Find the files in this tutorial on our GitHub!

R is a system for statistical computation and graphics. It consists of a language plus a run-time environment with graphics, a debugger, access to certain system functions, and the ability to run programs stored in script files. Some of R’s main features include:

an effective data handling and storage facility,

a suite of operators for calculations on arrays, in particular matrices

a large, coherent, integrated collection of intermediate tools for data analysis,

graphical facilities for data analysis and display either on-screen or on hardcopy, and

a well-developed, simple and effective programming language which includes conditionals, loops, user-defined recursive functions and input and output facilities.

Documentation for R can be found on its official website. Currently, versions 3.4.1 and 3.5.0 of R are available on the cluster.

Basics

After loading the R module, R can be launched through the command line by simply typing R.

R Virtual Environment

To use R through the command line, you must first initialize a R virtual environment. Virtual environments are isolated environments for projects, so that each project can have its own dependencies and packages installed, regardless of what dependencies every other project has. To create the virtual environment, run the following commands:


module load python3/anaconda/5.2.0
conda create -n r-environment r-essentials r-base
source activate r-environment
export R_LIBS_USER=/home/$USER/.conda/envs/r-environment/lib/R/library/

Once the virtual environment is created, it can be launched at any time by ensuring that the python3 module is loaded, using the command

module load python3/anaconda/5.2.0

and then launching the environment by using

source activate r-environment

Next, you can install any packages you need inside this environment. These packages will only be available within this environment. Packages can be installed with the install.packages() function in R. For example, to load the ggplot2 package, which is an R system for creating graphics, use the command

install.packages("ggplot2")

To exit the R virtual environment, use the command

source deactivate

Running R through a job script

1. Ensure that you have a virtual environment created, following the steps described above.

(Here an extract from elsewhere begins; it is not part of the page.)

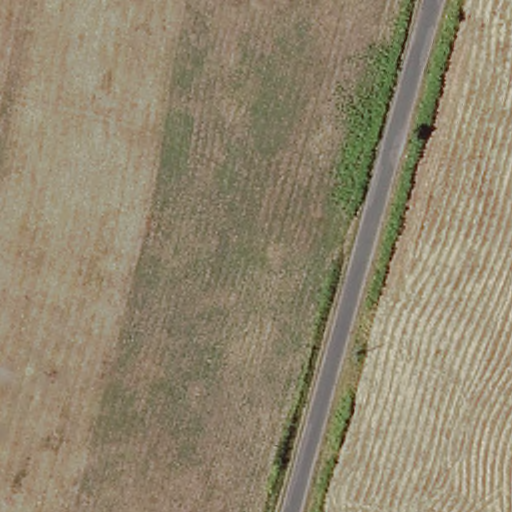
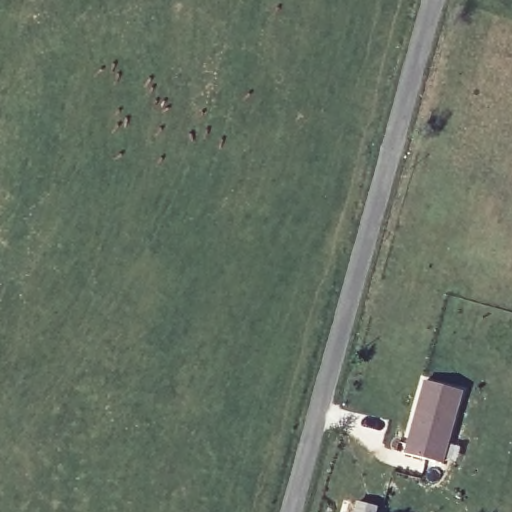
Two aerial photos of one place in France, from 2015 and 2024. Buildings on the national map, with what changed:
new [(423,381),(461,392),(441,464),(405,453),(423,381)]

2. Create a R script. This repository provides a simple script, test.r, which demonstrates some of R's basic features.

test.r


print("Starting tests.")

x <- 1:10 # initializes x as values from 1 to 10
print(x) # print x

y <- sample(1:100, 10, replace=T) # generate 10 random numbers from 1 to 100
print(y) # print y

mean(x) # find mean of x

print(x*y) # print product of x and y

a <- c(2, 4, 6, 8, 10, 12) # a is a vector
b <- a[a>4] # b is the vector of all indices in a greater than 4
print(a)
print(b)

3. Prepare the submission script, which is the script that is submitted to the Slurm scheduler as a job in order to run the R script. This repository provides the script job.sh as an example.

job.sh


#!/bin/sh

#SBATCH --job-name=r_test
#SBATCH -o r_out%j.out
#SBATCH -e r_err%j.err
#SBATCH -N 1
#SBATCH --tasks-per-node=1

echo -e '\n submitted R job'
echo 'hostname'
hostname

# loads python module
module load python3/anaconda/5.2.0

# activates R virtual environment
source activate r-environment

# runs R program
R < test.r --no-save

# exit the virtual environment
source deactivate

4. Submit the job using: sbatch job.sh

5. Examine the results.